The New Normal

I don't even know where to begin with this post.  So many things have happened in the last month.  I have tried to keep a record of the events but this new reality has brought chaos, and calm, into my life.  I've been busy living my life in this new "normal" so a lot of things have taken the back burner.

COVID-19 or Coronavirus has made it's way to the United States.  People were in panic mode in late February, early March, and began mass buying (hoarding) pallets of toilet paper and hand sanitizer.  Grocery stores were out of potatoes and bread for days.  The Huz is a manager at a local grocery chain and has worked insane hours and overtime to make sure people have access to the things they need most, only to watch products fly off the shelves faster than they can restock them.

A little over two weeks ago things were fine.  Schools were still open and I joked to a friend it wouldn't be long before they closed.  Two days later our school district announced an extra week of Spring Break.  Then it became two, and finally three.  And now schools are closed indefinitely. 

My son was on his ninth grade trip to Washington, D.C. when all of this insanity occurred.  When I picked him up the night he returned his teachers advised the students to self-quarantine for two weeks, "just in case."

That weekend was the last one where we could leave the house without worrying about catching this virus.  I celebrated my birthday early on Saturday having dinner and cocktails with dear friends.  On Monday my boss advised that our company was giving employees the ability to work from home to flatten the curve.  

That Tuesday was St. Patrick's Day, and my actual birthday, and the governor announced that all bars and restaurants were to close by 5 p.m., unless they could provide take-out/curbside service only.  The Huz and I finished work and went to my family's tavern to squeeze in one birthday drink.  It was the first time he made it to bar time with the sun still shining since 2003.  It's also a birthday I'll never forget.

I've been working from home for two weeks.  It's been a challenge with kids home, and my oldest began eLearning this past week, so keeping him on task is difficult.

The governor also ordered a "Safer at Home" order that went into effect on Wednesday, basically instructing us to stay home as the number of COVID-19 cases have doubled almost daily. This order means all non-essential businesses must close, people shouldn't leave their homes unless it's for necessities or medical reasons.   

Reading and watching the news is frustrating.  The media is unhinged in their coverage of this epidemic, or is it a pandemic at this point? I don't even know because one news source says the former and another claims the latter.  I honestly don't know what to believe anymore.  The President has been live several times and tries to sound positive about his expectations but it certainly doesn't match the reality of what is actually happening in the world.

We are staying home because we need to stop this virus from spreading.  It's terrifying, the unknown.  I read the news and people are dying.  It makes you think twice about everything.

Being stuck at home for so long is definitely taking its toll on my family and me.  The kids are bored.  They are cranky, always hungry and bickering with each other often.  I have lost my patience a few times, but overall I'm choosing to see things in a positive light.  I'm lucky to be able to work from home.  The Huz has a job that is essential.  My kids are healthy and have everything they need.
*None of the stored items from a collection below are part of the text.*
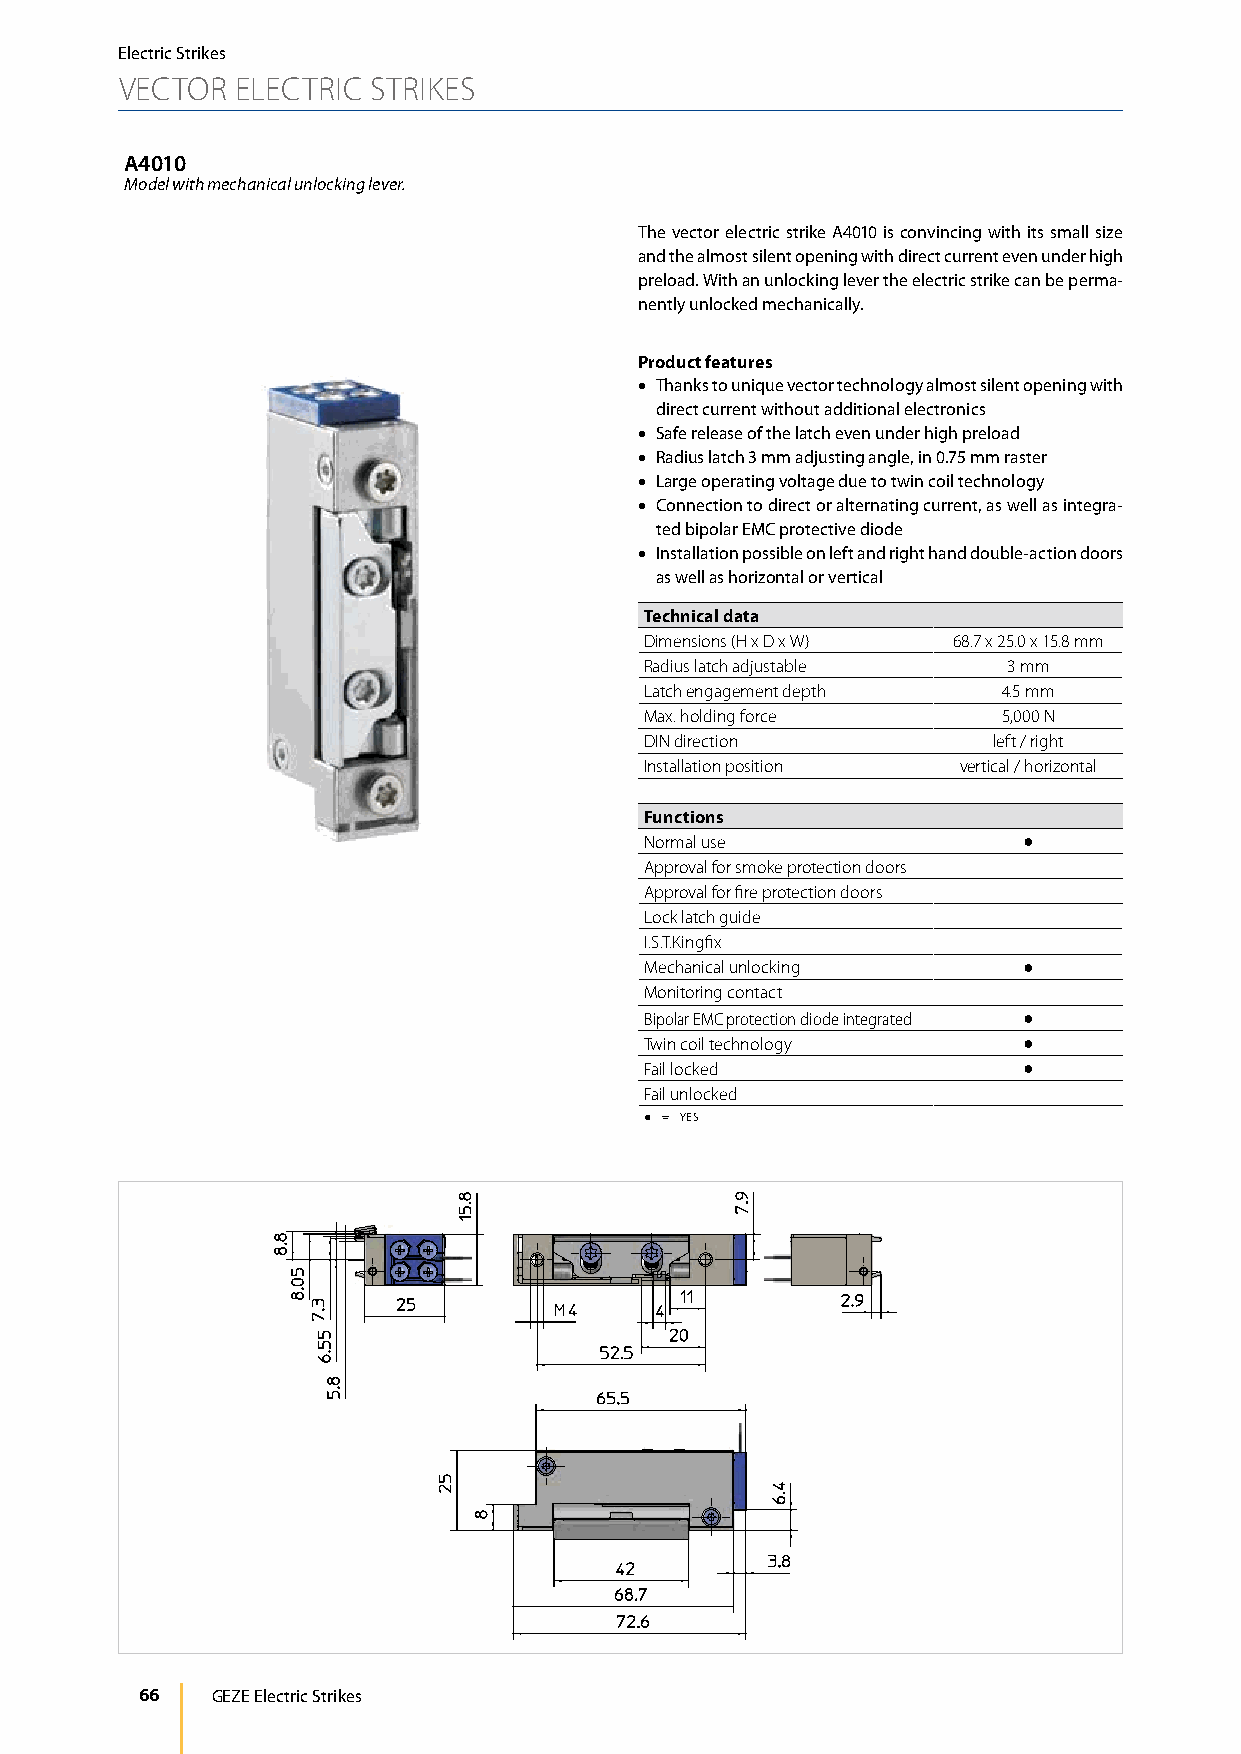
Electric Strikes
 VECTOR  ELECTRIC STRIKES
 A4010
 Model with mechanical unlocking lever.
 The vector electric strike A4010 is convincing with its small size
 and the almost silent opening with direct current even under high
 preload. With an unlocking lever the electric strike can be perma-
 nently unlocked mechanically.
 Product features
 • Thanks to unique vector technology almost silent opening with
 direct current without additional electronics
 • Safe release of the latch even under high preload
 • Radius latch 3 mm adjusting angle, in 0.75 mm raster
 • Large operating voltage due to twin coil technology
 • Connection to direct or alternating current, as well as integra-
 ted bipolar EMC protective diode
 • Installation possible on left and right hand double-action doors
 as well as horizontal or vertical
 Technical data
 Dimensions (H x D x W) 68.7 x 25.0 x 15.8 mm
 Radius latch adjustable 3 mm
 Latch engagement depth 4.5 mm
 Max. holding force     5,000 N
 DIN direction          left / right
 Installation position vertical / horizontal
 Functions
 Normal use               ●
 Approval for smoke protection doors
 Approval for fire protection doors
 Lock latch guide
 I.S.T.Kingfix
 Mechanical unlocking     ●
 Monitoring contact
 Bipolar EMC protection diode integrated ●
 Twin coil technology     ●
 Fail locked              ●
 Fail unlocked
 ● = YES
 66   GEZE Electric Strikes
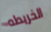
الخريطه
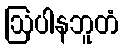
ဩပါနဘူတံ

To stay busy we've been walking the dog, playing board games, reading books, watching movies, playing with Legos, having dance parties in the living room in our pajamas and making memories.  I'm grateful for the break from the hustle of my daily life.  Driving children all over, rushing to get to the office, rushing through lunch hour running errands; none of that matters right now.  The change of pace is wonderful.

BUT...yes, I'm stir crazy.  I still get the urge to jump in the car and go...well, SOMEWHERE.  I miss socializing,  I miss working at the family tavern.  But, the blessing in disguise is that we were scheduled to do a remodel at the bar March 23, in stages, but with the taverns being closed our contractor has been able to get more work done and ahead of schedule.  Silver linings everywhere.

So, tomorrow begins Week 3 of working from home, and week three of no school for the kids.  We anticipate this will be the norm through mid-April.  I've finally gotten into a new routine.  The best part of this has been using my lunch hour to get a few chores done, switch the laundry from washer to dryer, and sometimes even walk the dog.  I could get used to this.  Maybe. 

The boys know my schedule and when I have WebEx meetings, so they try to stay quiet.  Sometimes it's crazy, and some days I work in my pajamas, but last week I made the effort to still get dressed and put on makeup so that I feel like a human.

We are surviving.  We are staying busy. We will get through this.  Hang in there, friends.  I see the smallest glimmer of light at the end of the tunnel.